Nutrition Facts : Calories 650, Carbohydrate 73 g, Fat 5 1/2, Fiber 3 g, Protein 6 g, SaturatedFat 7 g, ServingSize 1 Serving, Sodium 360 mg
PEAR CAKE WITH CARAMEL GLAZE
Make and share this Pear Cake With Caramel Glaze recipe from Food.com.
Provided by Bayhill
Categories Dessert
Time 1h20m
Yield 1 cake
Number Of Ingredients 17
Steps:
- Preheat oven to 375ºF. Grease and flour a 12-cup Bundt pan; set aside.
- In a large bowl, combine vegetable oil, granulated sugar, and beaten eggs; beat at medium speed of an electric mixer until well blended. Stir in vanilla.
- In a medium bowl, combine flours, baking powder, baking soda, and allspice; stir well.
- Add flour mixture to the sugar mixture alternately with the chopped pear, beating at medium speed until blended. Stir in chopped pecans.
- Pour batter into prepared Bundt pan. Bake for 55 minutes or until a wooden pick inserted into center of cake comes out clean.
- Let cool in pan 10 minutes; remove from pan, and let cool completely on a wire rack.

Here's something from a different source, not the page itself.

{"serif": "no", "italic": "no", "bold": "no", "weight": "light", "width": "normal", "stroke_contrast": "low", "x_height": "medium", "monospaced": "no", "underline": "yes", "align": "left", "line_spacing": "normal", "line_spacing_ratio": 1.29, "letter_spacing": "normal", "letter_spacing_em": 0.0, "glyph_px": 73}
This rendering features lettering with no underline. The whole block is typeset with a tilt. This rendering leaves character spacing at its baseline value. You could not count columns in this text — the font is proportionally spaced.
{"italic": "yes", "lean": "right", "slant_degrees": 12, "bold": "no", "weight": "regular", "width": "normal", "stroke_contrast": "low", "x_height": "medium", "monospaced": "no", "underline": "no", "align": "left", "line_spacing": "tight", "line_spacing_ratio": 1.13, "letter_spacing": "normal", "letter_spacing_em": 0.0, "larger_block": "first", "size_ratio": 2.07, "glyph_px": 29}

- Spoon Caramel Glaze over cake.
- Caramel Glaze:.
- In a small saucepan, melt butter over medium heat; add brown sugar. Cook, stirring constantly, until sugar melts. Remove from heat. Add milk, stirring constantly.
- Add powdered sugar, vanilla, and salt; beat at medium speed of an electric mixer until smooth.

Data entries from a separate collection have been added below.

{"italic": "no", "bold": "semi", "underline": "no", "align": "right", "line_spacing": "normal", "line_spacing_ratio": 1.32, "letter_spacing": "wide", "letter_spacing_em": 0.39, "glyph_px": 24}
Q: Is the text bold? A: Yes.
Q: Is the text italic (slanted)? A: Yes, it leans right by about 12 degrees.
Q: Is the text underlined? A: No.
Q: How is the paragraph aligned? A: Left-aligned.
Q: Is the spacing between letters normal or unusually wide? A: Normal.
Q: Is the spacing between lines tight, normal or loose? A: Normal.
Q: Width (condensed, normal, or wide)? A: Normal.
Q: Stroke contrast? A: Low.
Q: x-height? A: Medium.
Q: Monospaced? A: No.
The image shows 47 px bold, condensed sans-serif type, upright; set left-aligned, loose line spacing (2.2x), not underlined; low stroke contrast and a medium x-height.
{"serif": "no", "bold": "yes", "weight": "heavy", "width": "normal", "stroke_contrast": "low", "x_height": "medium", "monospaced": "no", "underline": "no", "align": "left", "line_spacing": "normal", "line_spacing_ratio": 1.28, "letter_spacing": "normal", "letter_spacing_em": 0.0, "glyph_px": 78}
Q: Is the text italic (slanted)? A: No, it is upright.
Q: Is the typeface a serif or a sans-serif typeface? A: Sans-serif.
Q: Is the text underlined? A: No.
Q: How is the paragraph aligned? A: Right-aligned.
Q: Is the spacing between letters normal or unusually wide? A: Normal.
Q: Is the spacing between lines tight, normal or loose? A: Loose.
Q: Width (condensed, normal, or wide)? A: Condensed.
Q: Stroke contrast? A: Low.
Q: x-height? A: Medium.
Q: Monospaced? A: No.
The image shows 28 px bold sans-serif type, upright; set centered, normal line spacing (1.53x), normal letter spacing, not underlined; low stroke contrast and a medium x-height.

Nutrition Facts : Calories 6785.7, Fat 363.5, SaturatedFat 70.2, Cholesterol 760.8, Sodium 2731.8, Carbohydrate 853, Fiber 46, Sugar 577, Protein 68.2
CARAMEL-GLAZED PEAR CAKE
Make and share this Caramel-Glazed Pear Cake recipe from Food.com.
Provided by Juenessa
Categories Dessert
Time 1h28m
Yield 12 serving(s)
Number Of Ingredients 13
Steps:
- To make cake:.
- Toss together pears and 1 tablespoon sugar; let stand 5 minutes.
- Beat eggs, 2 cups sugar, and oil at medium speed with an electric mixer until blended.

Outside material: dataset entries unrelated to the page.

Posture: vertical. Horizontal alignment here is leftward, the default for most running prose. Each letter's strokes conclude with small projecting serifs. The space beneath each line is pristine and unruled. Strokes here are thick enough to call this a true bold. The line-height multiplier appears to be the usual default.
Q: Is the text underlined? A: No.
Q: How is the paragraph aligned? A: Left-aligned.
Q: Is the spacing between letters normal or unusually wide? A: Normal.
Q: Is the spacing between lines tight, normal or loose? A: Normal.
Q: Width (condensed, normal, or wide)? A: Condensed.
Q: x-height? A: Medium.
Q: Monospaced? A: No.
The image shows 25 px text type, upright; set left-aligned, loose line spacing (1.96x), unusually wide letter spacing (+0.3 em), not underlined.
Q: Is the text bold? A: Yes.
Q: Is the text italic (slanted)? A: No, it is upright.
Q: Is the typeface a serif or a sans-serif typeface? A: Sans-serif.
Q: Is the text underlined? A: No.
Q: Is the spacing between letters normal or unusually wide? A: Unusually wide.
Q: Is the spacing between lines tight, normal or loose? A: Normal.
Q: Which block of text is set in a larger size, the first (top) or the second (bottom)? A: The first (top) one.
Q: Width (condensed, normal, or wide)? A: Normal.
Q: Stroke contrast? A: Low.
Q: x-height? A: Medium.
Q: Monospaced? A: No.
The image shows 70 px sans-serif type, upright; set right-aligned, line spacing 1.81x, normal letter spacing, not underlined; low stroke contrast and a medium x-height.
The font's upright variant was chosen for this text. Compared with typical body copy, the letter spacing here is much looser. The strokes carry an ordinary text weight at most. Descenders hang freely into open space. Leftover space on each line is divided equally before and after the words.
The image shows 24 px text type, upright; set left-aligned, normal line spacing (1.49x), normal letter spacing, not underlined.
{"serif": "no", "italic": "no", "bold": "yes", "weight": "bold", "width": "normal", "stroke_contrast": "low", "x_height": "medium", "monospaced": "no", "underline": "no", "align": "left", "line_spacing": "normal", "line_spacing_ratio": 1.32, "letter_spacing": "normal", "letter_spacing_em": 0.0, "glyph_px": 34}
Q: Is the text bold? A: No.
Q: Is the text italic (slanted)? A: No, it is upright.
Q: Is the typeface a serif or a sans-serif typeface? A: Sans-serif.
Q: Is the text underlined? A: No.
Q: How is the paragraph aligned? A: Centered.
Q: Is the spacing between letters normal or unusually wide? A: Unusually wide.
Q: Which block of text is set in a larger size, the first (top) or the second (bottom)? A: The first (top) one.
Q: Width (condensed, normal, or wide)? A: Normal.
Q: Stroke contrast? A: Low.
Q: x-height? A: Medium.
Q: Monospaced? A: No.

- Combine flour, salt, and baking soda, and add to egg mixture, beating at low speed until blended.
- Fold in pears, chopped pecans, and vanilla extract.
- Pour batter into a greased and floured 10-inch Bundt pan.
- Bake at 350° for 1 hour or until a wooden pick inserted in center of cake comes out clean.
- Remove from pan, and drizzle Caramel Glaze over warm cake.
- To make the glaze:.
- Stir together brown sugar, butter, and evaporated milk in a small saucepan over medium heat; bring to a boil, and cook, stirring constantly, 2 1/2 minutes or until sugar dissolves.
Nutrition Facts : Calories 740.5, Fat 42.1, SaturatedFat 9.3, Cholesterol 68.4, Sodium 396.3, Carbohydrate 88, Fiber 4, Sugar 58.7, Protein 6.7
Tips:
- To achieve the perfect consistency for the caramel glaze, use a candy thermometer to monitor the temperature of the mixture. Aim for a temperature between 225°F (107°C) and 230°F (110°C).
- To ensure the cake bakes evenly, preheat your oven to the specified temperature before placing the cake pan inside. Using an oven thermometer can help you ensure accurate temperature readings.
- For a moist and flavorful cake, use ripe and juicy pears. Bosc or Bartlett pears are commonly used for baking due to their ideal texture and flavor profile.
- If you don't have a food processor or blender, you can grate the pears using a cheese grater or finely chop them by hand. Make sure to remove the cores and stems before grating or chopping.
- If you prefer a less sweet glaze, reduce the amount of sugar in the recipe. You can also drizzle the glaze over the cake after it has cooled slightly to control the sweetness level.
Conclusion:
This Pear Cake with Caramel Glaze is a delightful dessert that combines the flavors of sweet pears, a tender cake, and a rich caramel sauce. It's an ideal treat for special occasions or as a sweet ending to any meal. With its moist and flavorful texture, this cake is sure to impress your friends and family. Remember to follow the tips mentioned above for a successful baking experience and a delicious outcome. Indulge in the goodness of this classic pear cake adorned with a luscious caramel glaze, and savor every bite of this delectable dessert.